**Data section**
■ ■ ■ ■ ■

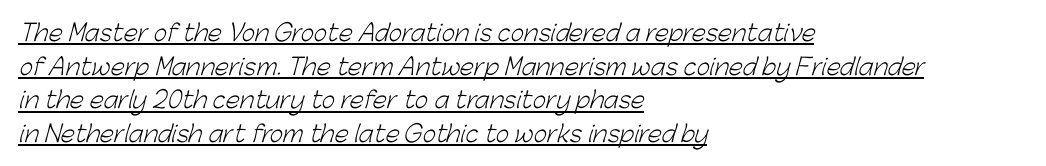
Each stroke keeps to a modest, everyday thickness or less. A student would call this left alignment; a typographer would say flush left, rag right. Each new line begins a customary step beneath the previous one. Is the letter spacing exaggerated? No — it looks like the ordinary default. A continuous stroke trails under the words, as in a hyperlink.
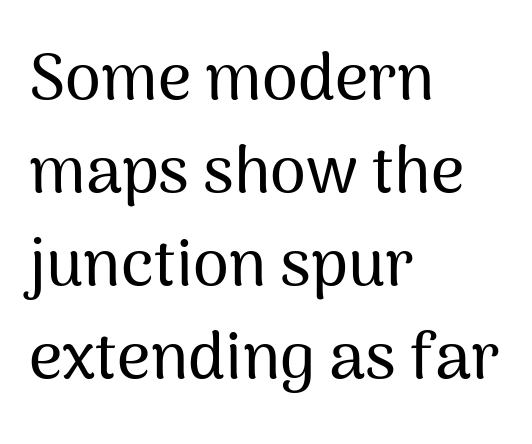
{"serif": "no", "italic": "no", "width": "normal", "stroke_contrast": "medium", "x_height": "medium", "monospaced": "no", "underline": "no", "align": "left", "line_spacing": "normal", "line_spacing_ratio": 1.43, "letter_spacing": "normal", "letter_spacing_em": 0.0, "glyph_px": 65}
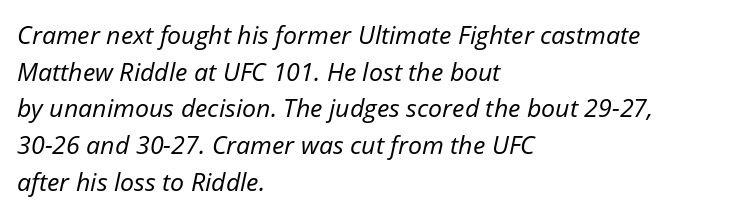
Words appear dense and cohesive because spacing is normal. The ragged edge is on the right, which tells us the setting is flush left. If you drew a line through each stem, it would be angled. A light-to-regular cut is what we see here.

■ ■ ■ ■ ■

Could you transcribe all of the data exactly, keeping every picture out of the copy?

**Expected answer**
Each stroke keeps to a modest, everyday thickness or less. A student would call this left alignment; a typographer would say flush left, rag right. Each new line begins a customary step beneath the previous one. Is the letter spacing exaggerated? No — it looks like the ordinary default. A continuous stroke trails under the words, as in a hyperlink.
{"serif": "no", "italic": "no", "width": "normal", "stroke_contrast": "medium", "x_height": "medium", "monospaced": "no", "underline": "no", "align": "left", "line_spacing": "normal", "line_spacing_ratio": 1.43, "letter_spacing": "normal", "letter_spacing_em": 0.0, "glyph_px": 65}
Words appear dense and cohesive because spacing is normal. The ragged edge is on the right, which tells us the setting is flush left. If you drew a line through each stem, it would be angled. A light-to-regular cut is what we see here.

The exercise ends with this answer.